Goes through all of the content files and runs the specified fixable actions on them asking for user input on each value found that matches the potential fix criteria. Potential things that can be fixed:

  • Broken paragraph endings
  • Section breaks being hardcoded instead of an hr
  • Page breaks being hardcoded instead of an hr
  • Oxford commas being missing before or's or and's
  • Possible instances of sentences with two subordinate clauses (i.e. have although..., but)
  • Possible instances of thoughts that are in parentheses
  • Possible instances of conversation encapsulated in square brackets
  • Possible instances of words in square brackets that may be necessary for the sentence (i.e. need to have the brackets removed)
  • Possible instances of single quotes that should actually be double quotes (i.e. when a word is in single quotes, but is not inside of double quotes)
Flags
Short Name Long Name Description Value Type Default Value Is Required Other Notes
a all whether to run all of the fixable suggestions false false
broken-lines whether to run the logic for getting broken line suggestions false false
conversation whether to run the logic for getting conversation suggestions (paragraphs in square brackets may be instances of a conversation) false false
f file the epub file to find manually fixable issues in string true Should be a file with one of the following extensions: epub
lacking-subordinate-clause whether to run the logic for getting potentially lacking subordinate clause suggestions false false
necessary-words whether to run the logic for getting necessary word suggestions (words that are a subset of paragraph content are in square brackets may be instances of necessary words for a sentence) false false
oxford-commas whether to run the logic for getting oxford comma suggestions false false
page-breaks whether to run the logic for getting page break suggestions (must be used with an epub with a css file) false false
section-breaks whether to run the logic for getting section break suggestions (must be used with an epub with a css file) false false
single-quotes whether to run the logic for getting incorrect single quote suggestions false false
thoughts whether to run the logic for getting thought suggestions (words in parentheses may be instances of a person's thoughts) false false
t use-tui whether to use the terminal UI for suggesting fixes false false
Usage
# To run all of the possible potential fixes:
ebook-lint epub fixable -f test.epub -a
Note: this will require a css file to already exist in the epub

# To just fix broken paragraph endings:
ebook-lint epub fixable -f test.epub --broken-lines

# To just update section breaks:
ebook-lint epub fixable -f test.epub --section-breaks
Note: this will require a css file to already exist in the epub

# To just update page breaks:
ebook-lint epub fixable -f test.epub --page-breaks
Note: this will require a css file to already exist in the epub

# To just fix missing oxford commas:
ebook-lint epub fixable -f test.epub --oxford-commas

# To just fix potentially lacking subordinate clause instances:
ebook-lint epub fixable -f test.epub --lacking-subordinate-clause

# To just fix instances of thoughts in parentheses:
ebook-lint epub fixable -f test.epub --thoughts

# To run a combination of options:
ebook-lint epub fixable -f test.epub -oxford-commas --thoughts --necessary-words

replace-strings

Uses the provided epub and extra replace Markdown file to replace a common set of strings and any extra instances specified in the extra file replace. After all replacements are made, the original epub will be moved to a .original file and the new file will take the place of the old file. It will also print out the successful extra replacements with the number of replacements made followed by warnings for any extra strings that it tried to find and replace values for, but did not find any instances to replace. Note: it only replaces strings in content/xhtml files listed in the opf file.

Flags
Short Name Long Name Description Value Type Default Value Is Required Other Notes
f epub-file the epub file to replace strings in in string true Should be a file with one of the following extensions: epub
e extra-replace-file the path to the file with extra strings to replace string true Should be a file with one of the following extensions: md
Usage
ebook-lint epub replace-strings -f test.epub -e replacements.md
will replace the common strings and extra strings parsed out of replacements.md in content/xhtml files located in test.epub.
The original test.epub will be moved to test.epub.original and test.epub will have the updated files.

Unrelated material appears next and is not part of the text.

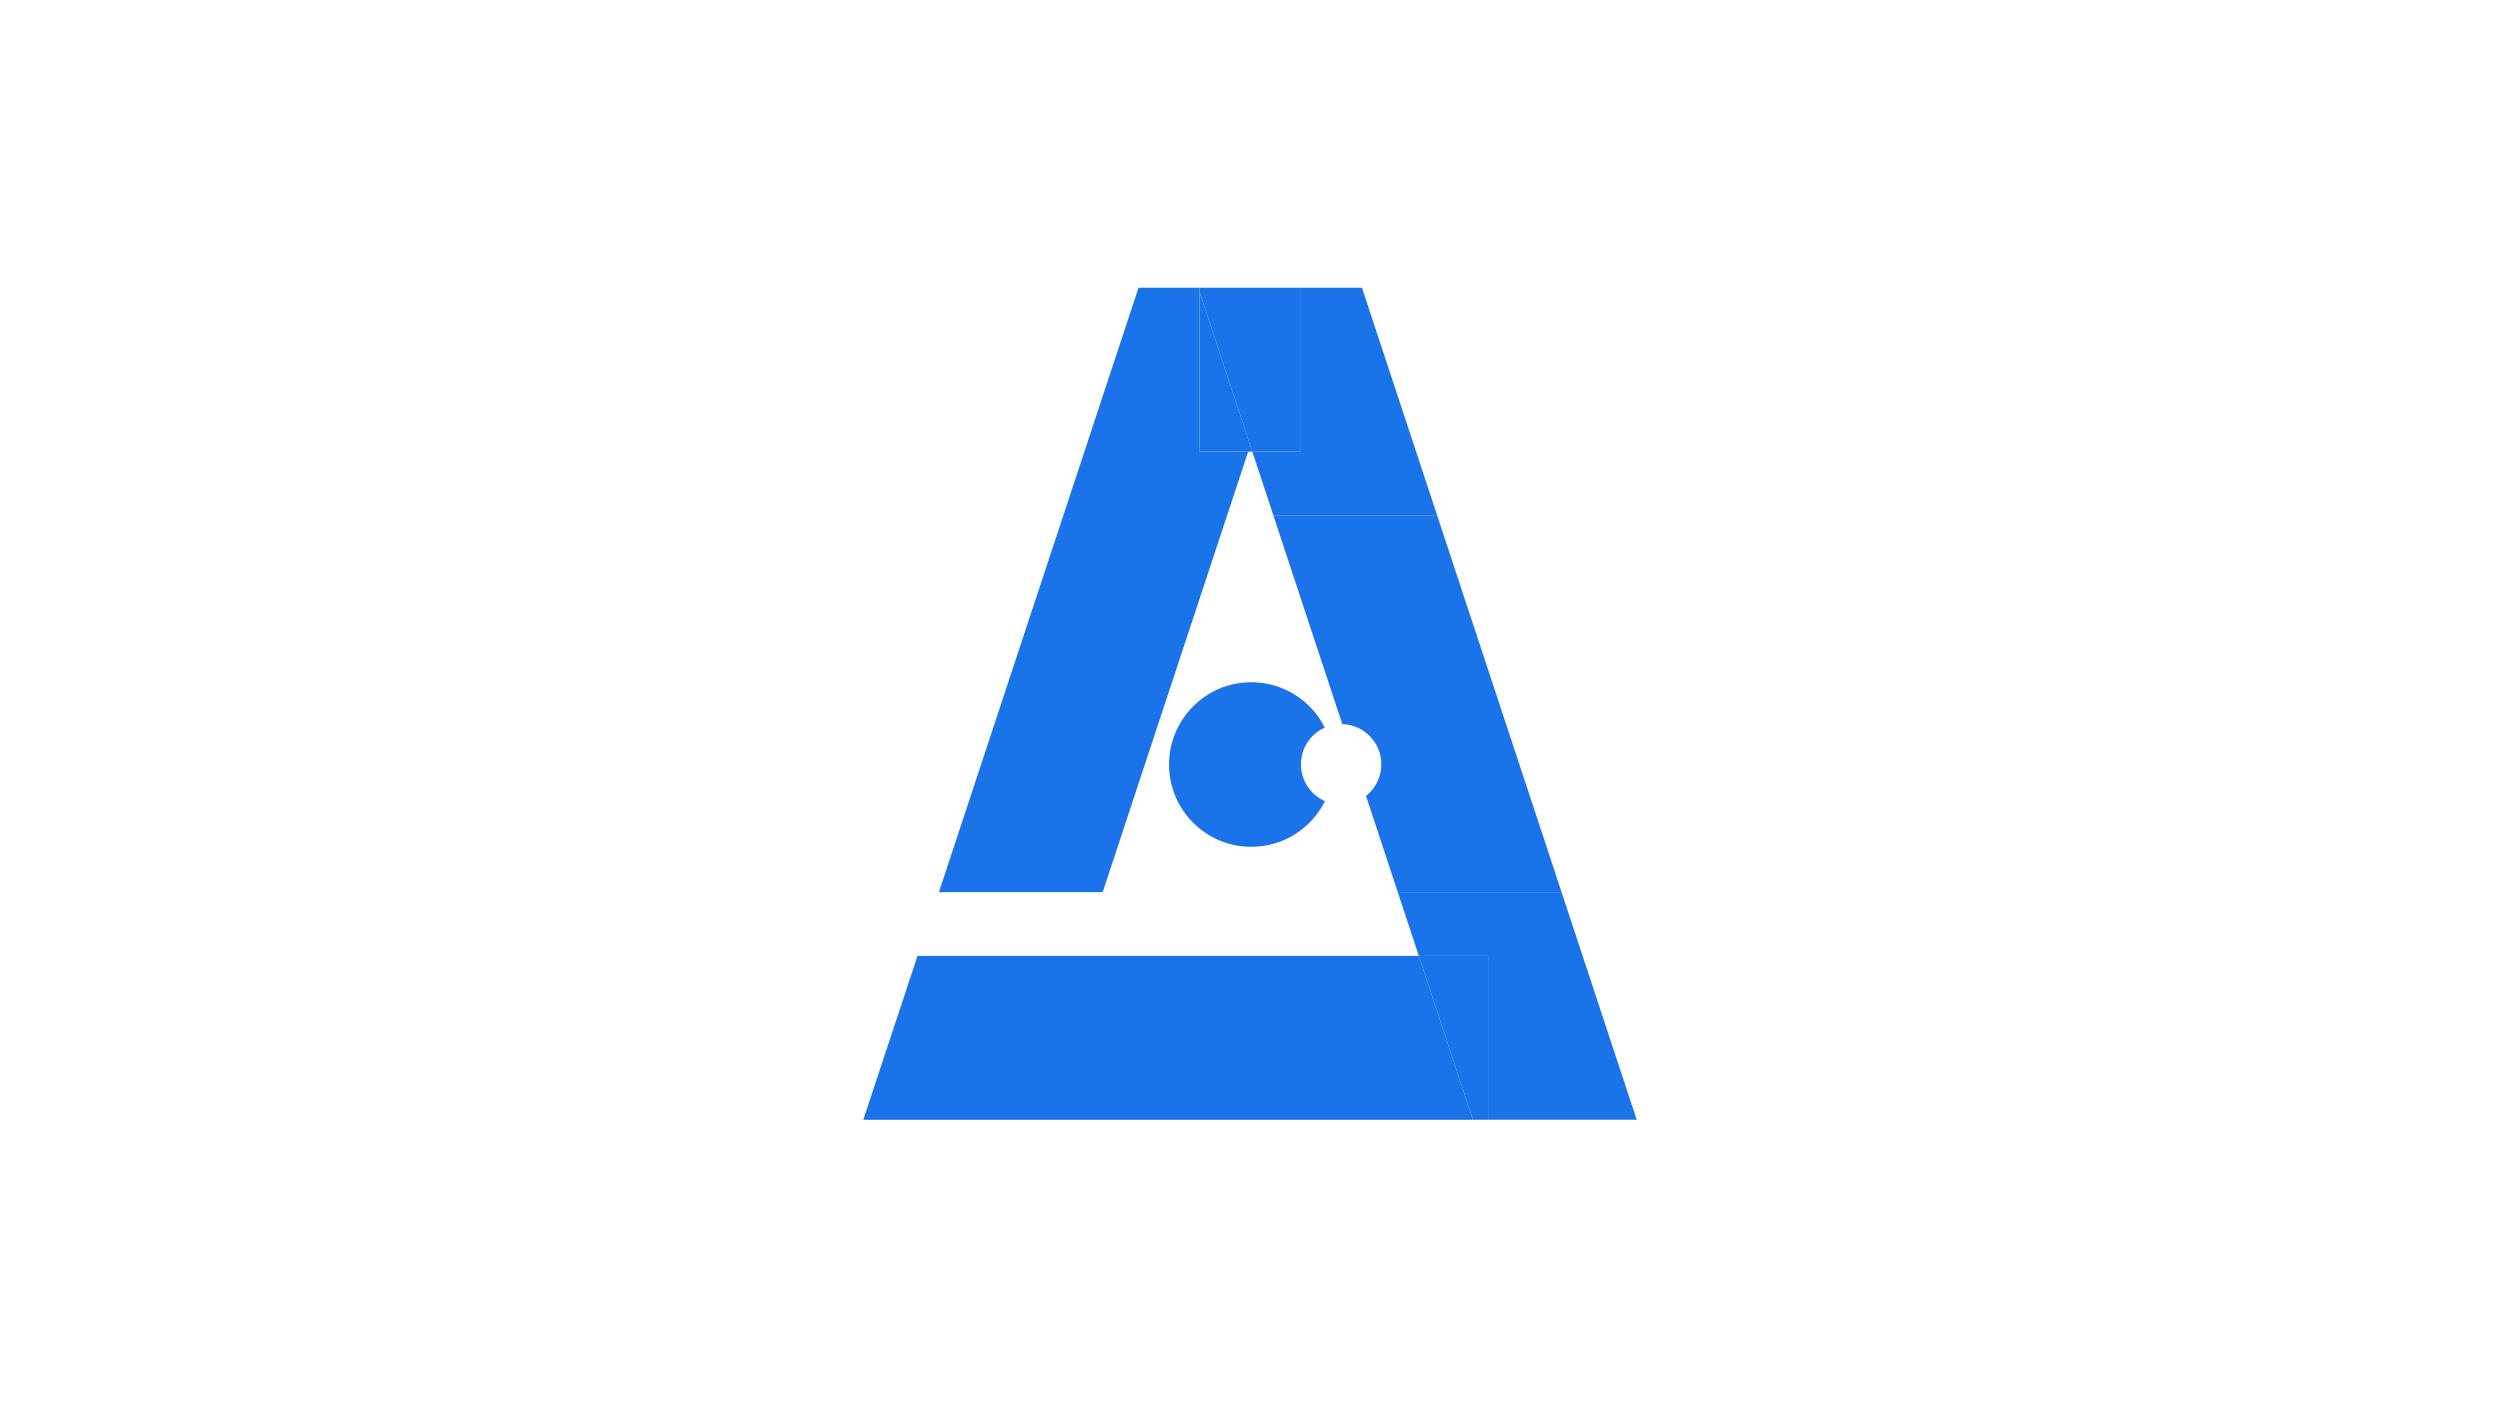 <svg xmlns="http://www.w3.org/2000/svg" width="1920" height="1080" fill="none"><g fill="#1A73E8" clip-path="url(#a)"><path d="m1131.21 859.974-41.56-125.837H704.635L663 859.999h480.49v-.025h-12.28ZM921.26 224.178 920.209 221h-45.822L721.078 685.174h125.787l111.739-338.312H921.26V224.178ZM1199.27 685.174h.04L1046 221h-45.83l-1.045 3.178v122.684H961.78l16.162 48.938h125.748l95.58 289.374ZM921.26 221h-1.05l1.05 3.178V221ZM1000.17 221h-1.046v3.178l1.046-3.178ZM977.942 395.801h-.039l52.967 160.358h.04l-52.968-160.358Z"/><path d="M1143.49 859.974H1257l-57.73-174.8h-125.75l-24.41-73.901s-.01.013-.03.026l40.57 122.838h53.84v125.837Z"/><path d="M1143.49 859.974V734.137h-53.83l41.55 125.837h12.28ZM1060.87 587.028c0 9.829-4.6 18.594-11.76 24.245l24.41 73.9h125.75l-95.58-289.386H977.942l52.968 160.359c16.62.487 29.96 14.121 29.96 30.87v.012ZM958.604 346.863h3.177l-1.588-4.818-1.589 4.818ZM921.26 224.178v122.684h37.344l1.588-4.818-38.932-117.866Z"/><path d="m999.125 224.178-38.933 117.866 1.588 4.818h37.345V224.178ZM960.192 342.044l38.932-117.866V221H921.26v3.178l38.932 117.866ZM999.124 587.029c0-12.596 7.526-23.412 18.326-28.23-10.39-20.657-31.76-34.842-56.451-34.842-34.886 0-63.163 28.294-63.163 63.2 0 34.907 28.277 63.201 63.163 63.201 24.781 0 46.221-14.288 56.571-35.06-10.86-4.793-18.446-15.647-18.446-28.282v.013Z"/></g><defs><clipPath id="a"><path fill="#fff" d="M663 221h594v639H663z"/></clipPath></defs></svg>

replacements.md is expected to be in the following format:
| Text to replace | Text to replace with |
| --------------- | -------------------- |
| I am typo | I the correct value |
...
| I am another issue to correct | the correction |

validate

Validates an EPUB file using W3C EPUBCheck tool. If EPUBCheck is not installed, it will automatically download and install the latest version.

Flags
Short Name Long Name Description Value Type Default Value Is Required Other Notes
f file the epub file to validate string true Should be a file with one of the following extensions: epub
json-file specifies that the validation output should be in JSON and in the specified file string false
Usage
ebook-lint epub validate -f test.epub
will run EPUBCheck against the file specified.